I think Clinton is on to a very subtle point here that has to be considered seriously. With India emerging as a KSO center as well as already being the major KPO center for US companies, the fear that R&D and more sensitive jobs will shift to India is a valid and politically sensitive one. The US’ lack of investment in IT and science education may well need to it becoming the worlds biggest consumer of K leading to the creative classes much touted by Peters and Pink. But this is still a way off and there will be some years of transitioning pain during which time India will make a convenient scape goat. Perhaps NASSCOM and indian KSO/KPO companies should learn to use the US spin and PR machines better by making concerted a effort to allay fears here and to invest some of the Indian profits here in sensitivity, giving back and philanthropy.

BlogReader  on August 19th, 2007

You are a $100M company and all your competitors are outsourcing and gaining some sort of advantage.

Depends on what kind of advantage they are gaining. My opinion is that companies should keep their core competency in house and outsource most of the rest (provided that you already have a good system for managing that).

Are they making gains as they are paying less for labor and can charge less? Do you really want to get into that game?

Frase do dia  on August 19th, 2007

[…] Hillary Clinton in Outsourcing Catch-22 […]

Doug Withau  on August 20th, 2007

Perfect political speak. I have read the quote three times. Is Mrs. Clinton in favor of protection, or in favor of globaliaation. I would never expect her to be ‘against’ any topic where a normal person may have an opinion.

Read “The World is Flat”. Better, get it on CD. It is a big long book, but Friedman lays out the outsourcing, and off shoring arguments very thoughtfully.

India is not a worry. We are already seeing engineers and other skilled workers job hopping. This is causing their pay to rise. The economics of outsourcing to India are not as attractive as they were 4-6 years ago.

China is a much greater concern. The Chinese do not have a free economy. They will hold salaries and people static. They can manipulate the salary to keep the work cheap, and keep the work coming to China. It is possible to work in a sweat shop writing code just as easily as making Nikes. The threat of going back to the farm and starving is just as real.

Blah, blah. Whatever the consequences, protectionism never ever, ever works.

Here is an arguments for the US National health care plan that Mrs Clinton is proposing. This is the only one that makes any sense to me. China has no health care insurance. It all comes from the government. India also has a socialist health care system. That means the per employee expenses for a corporation are less.

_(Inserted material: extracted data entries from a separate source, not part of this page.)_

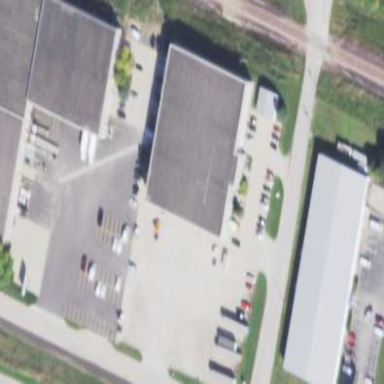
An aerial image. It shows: Warehouse.
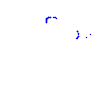
Particle: kaon
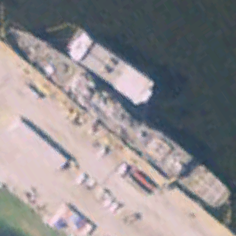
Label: cruiser
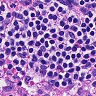
Metastatic tissue present: no
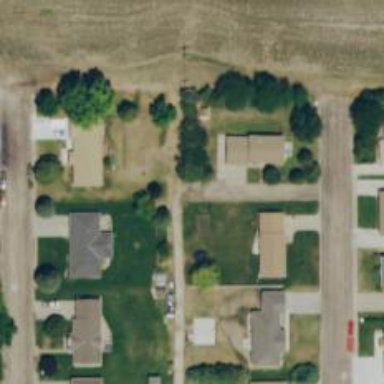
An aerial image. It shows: Alley classified as service road.
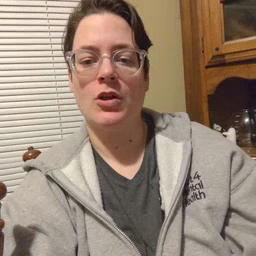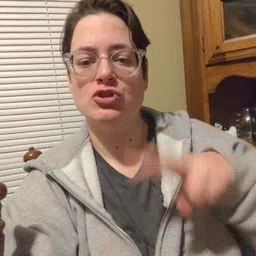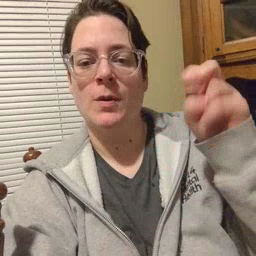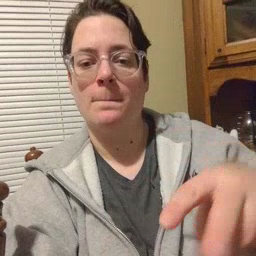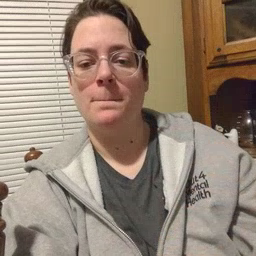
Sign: jump
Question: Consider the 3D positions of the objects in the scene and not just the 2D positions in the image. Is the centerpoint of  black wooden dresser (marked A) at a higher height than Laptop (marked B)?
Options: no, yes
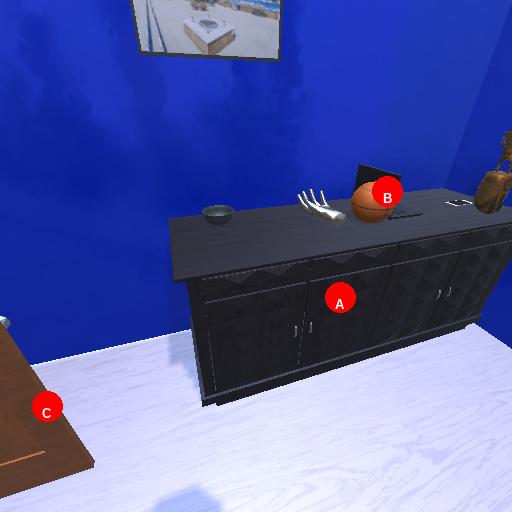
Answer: no
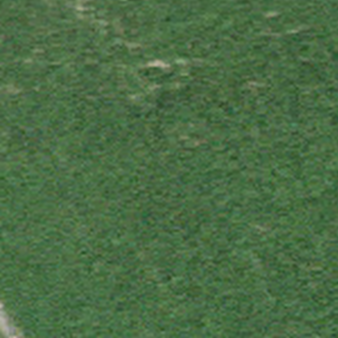
Label: other
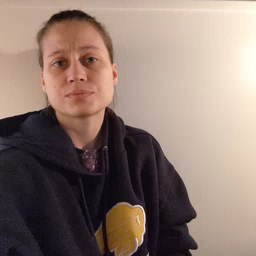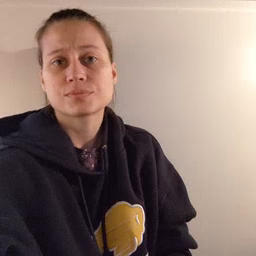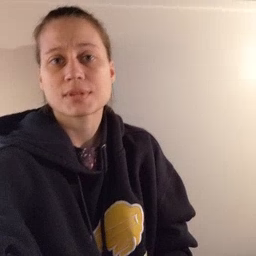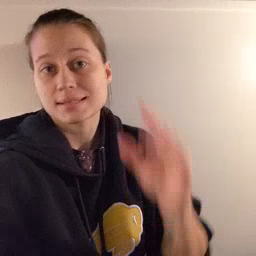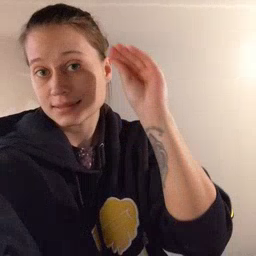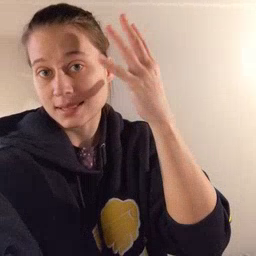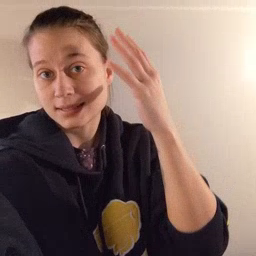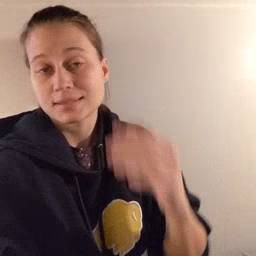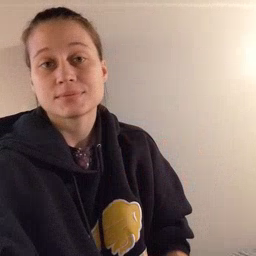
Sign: sun
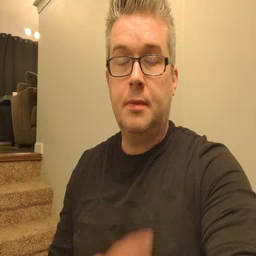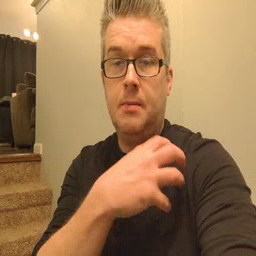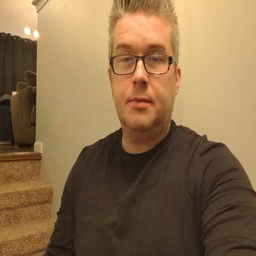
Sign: police
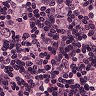
Metastatic tissue present: yes
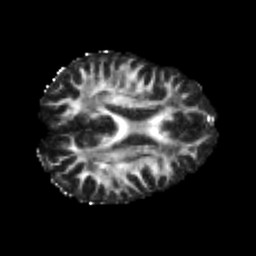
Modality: FA
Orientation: axial
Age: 35
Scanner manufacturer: philips
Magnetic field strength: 3 T
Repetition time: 8.584 s
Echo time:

US companies would be able to compete if they did not have to pay for employee health care. Please,do not think that the national health care system is on the Democratic agenda for the “little guy”. It is for corporate cost savings and a better bottom line.

Read about the WalMart health plan. The majority of the cost for the uninsured temp workers is paid by the taxpayer. WalMart’s profits soar!

Bage Anderson  on August 20th, 2007

Clinton’s observations are correct as are the scenerios proposed by Rajesh. There are no easy answers to the delimia facing corporations already involved in offshore outsourcing. Increasingly, corporations are finding that there are hidden costs associated with outsourcing to countries such as Pakistan and India, not to mention language, cultural and time zone barriers for effective customer service. In fact, some corporations before entering into the offshore outsourcing fray are considering a new business model as an alternative – rural sourcing.

Rural Sourcing is the model of taking call center and software support for a corporation to the rural regions of the US and taking advantage of the untapped pool of IT talent there. Partnerships between economic development agencies and institutes of higher learning bring high tech centers to cities like Abilene, Texas where those who would like a career in IT without the hassles of the big city can have the best of both worlds – pay and a slower paced lifestyle. The aforementioned barriers to successful customer service are also eliminated.